=== Section Start ===
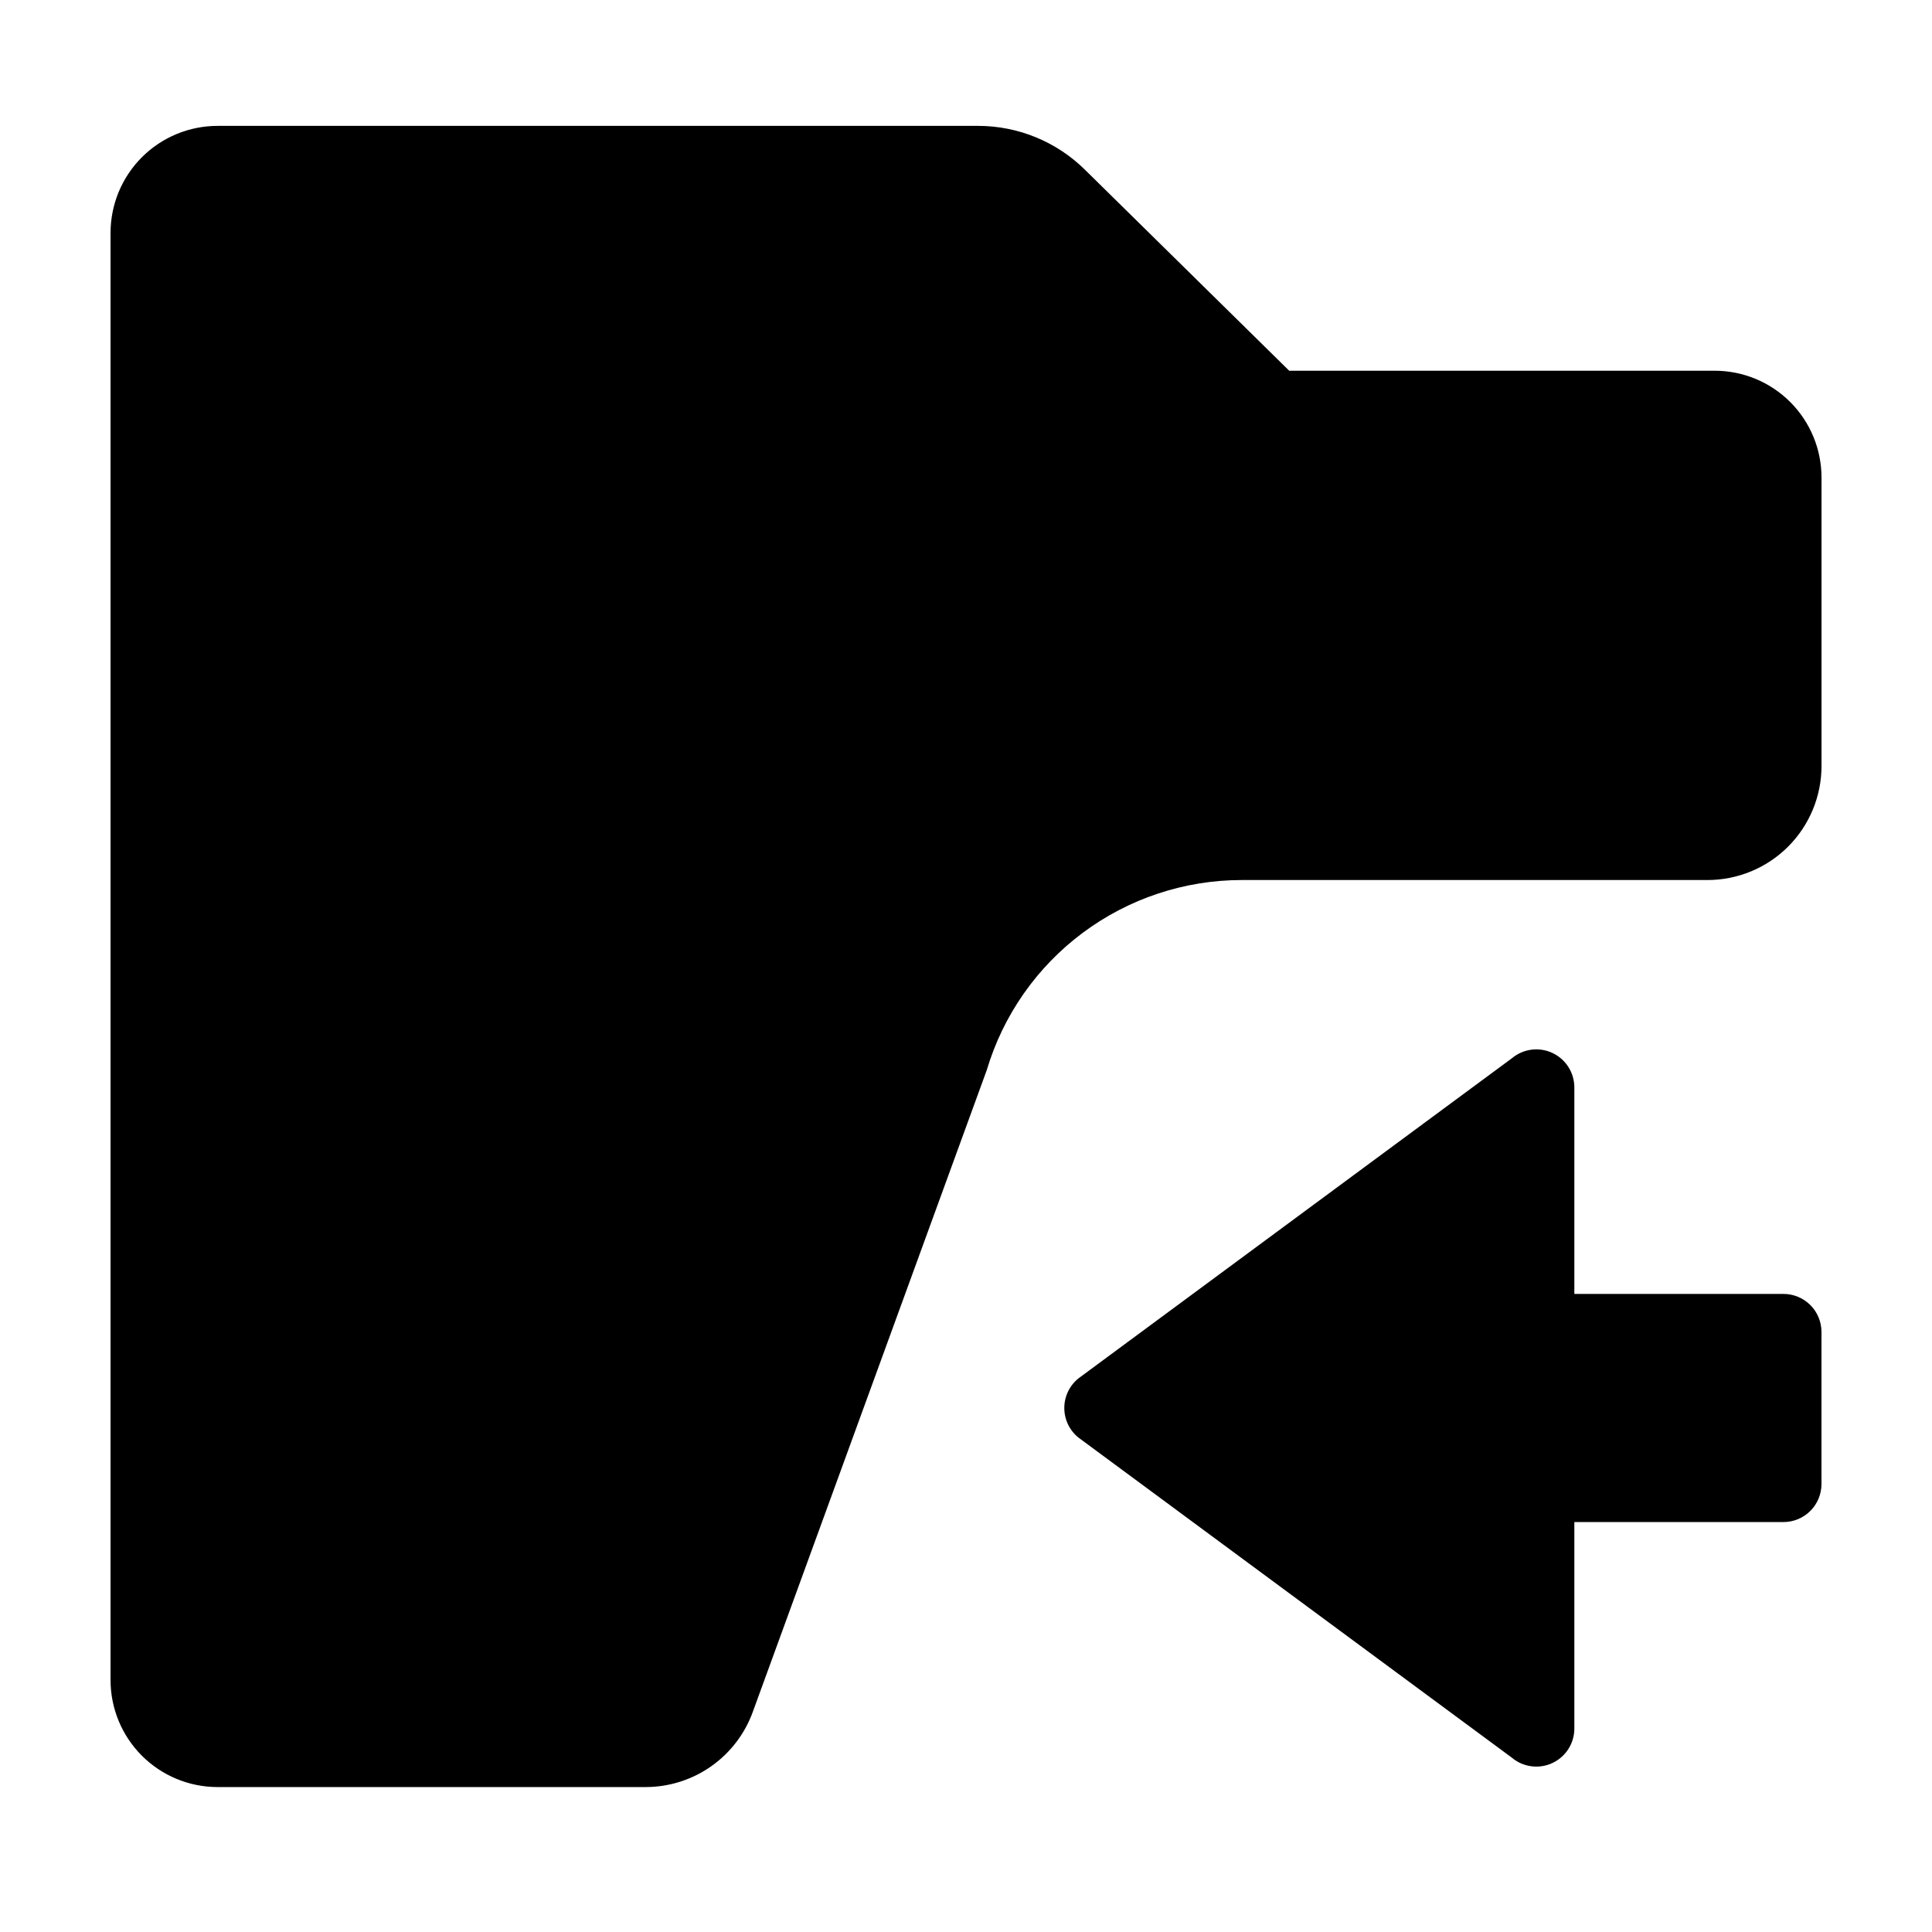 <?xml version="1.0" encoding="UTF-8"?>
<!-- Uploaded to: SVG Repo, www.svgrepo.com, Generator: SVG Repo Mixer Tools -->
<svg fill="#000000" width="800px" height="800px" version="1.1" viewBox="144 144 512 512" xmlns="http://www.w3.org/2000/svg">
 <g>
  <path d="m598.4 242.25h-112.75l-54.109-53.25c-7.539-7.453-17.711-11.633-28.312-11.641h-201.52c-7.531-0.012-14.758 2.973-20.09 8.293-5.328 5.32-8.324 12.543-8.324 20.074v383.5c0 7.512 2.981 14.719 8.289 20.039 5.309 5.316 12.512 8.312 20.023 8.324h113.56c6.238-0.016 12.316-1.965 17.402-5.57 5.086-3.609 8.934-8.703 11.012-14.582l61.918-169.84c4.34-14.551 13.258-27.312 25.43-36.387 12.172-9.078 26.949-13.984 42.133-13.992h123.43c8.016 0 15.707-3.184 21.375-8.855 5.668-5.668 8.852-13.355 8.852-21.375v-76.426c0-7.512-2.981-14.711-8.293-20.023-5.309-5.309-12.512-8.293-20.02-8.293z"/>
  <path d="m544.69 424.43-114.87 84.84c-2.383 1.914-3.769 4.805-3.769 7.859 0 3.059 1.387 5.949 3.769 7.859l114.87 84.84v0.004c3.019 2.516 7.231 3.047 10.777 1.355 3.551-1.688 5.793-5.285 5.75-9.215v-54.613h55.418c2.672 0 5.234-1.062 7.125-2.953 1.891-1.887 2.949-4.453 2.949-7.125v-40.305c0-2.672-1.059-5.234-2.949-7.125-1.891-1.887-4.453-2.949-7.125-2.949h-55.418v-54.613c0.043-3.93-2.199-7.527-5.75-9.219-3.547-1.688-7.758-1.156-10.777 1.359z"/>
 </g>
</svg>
=== Section End ===
When you copy the records above, keep every word exact and leave out the pictures they contain.

**Problem solution**:
 <?xml version="1.0" encoding="UTF-8"?>
<!-- Uploaded to: SVG Repo, www.svgrepo.com, Generator: SVG Repo Mixer Tools -->
<svg fill="#000000" width="800px" height="800px" version="1.1" viewBox="144 144 512 512" xmlns="http://www.w3.org/2000/svg">
 <g>
  <path d="m598.4 242.25h-112.75l-54.109-53.25c-7.539-7.453-17.711-11.633-28.312-11.641h-201.52c-7.531-0.012-14.758 2.973-20.09 8.293-5.328 5.32-8.324 12.543-8.324 20.074v383.5c0 7.512 2.981 14.719 8.289 20.039 5.309 5.316 12.512 8.312 20.023 8.324h113.56c6.238-0.016 12.316-1.965 17.402-5.57 5.086-3.609 8.934-8.703 11.012-14.582l61.918-169.84c4.34-14.551 13.258-27.312 25.43-36.387 12.172-9.078 26.949-13.984 42.133-13.992h123.43c8.016 0 15.707-3.184 21.375-8.855 5.668-5.668 8.852-13.355 8.852-21.375v-76.426c0-7.512-2.981-14.711-8.293-20.023-5.309-5.309-12.512-8.293-20.02-8.293z"/>
  <path d="m544.69 424.43-114.87 84.84c-2.383 1.914-3.769 4.805-3.769 7.859 0 3.059 1.387 5.949 3.769 7.859l114.87 84.84v0.004c3.019 2.516 7.231 3.047 10.777 1.355 3.551-1.688 5.793-5.285 5.75-9.215v-54.613h55.418c2.672 0 5.234-1.062 7.125-2.953 1.891-1.887 2.949-4.453 2.949-7.125v-40.305c0-2.672-1.059-5.234-2.949-7.125-1.891-1.887-4.453-2.949-7.125-2.949h-55.418v-54.613c0.043-3.93-2.199-7.527-5.75-9.219-3.547-1.688-7.758-1.156-10.777 1.359z"/>
 </g>
</svg>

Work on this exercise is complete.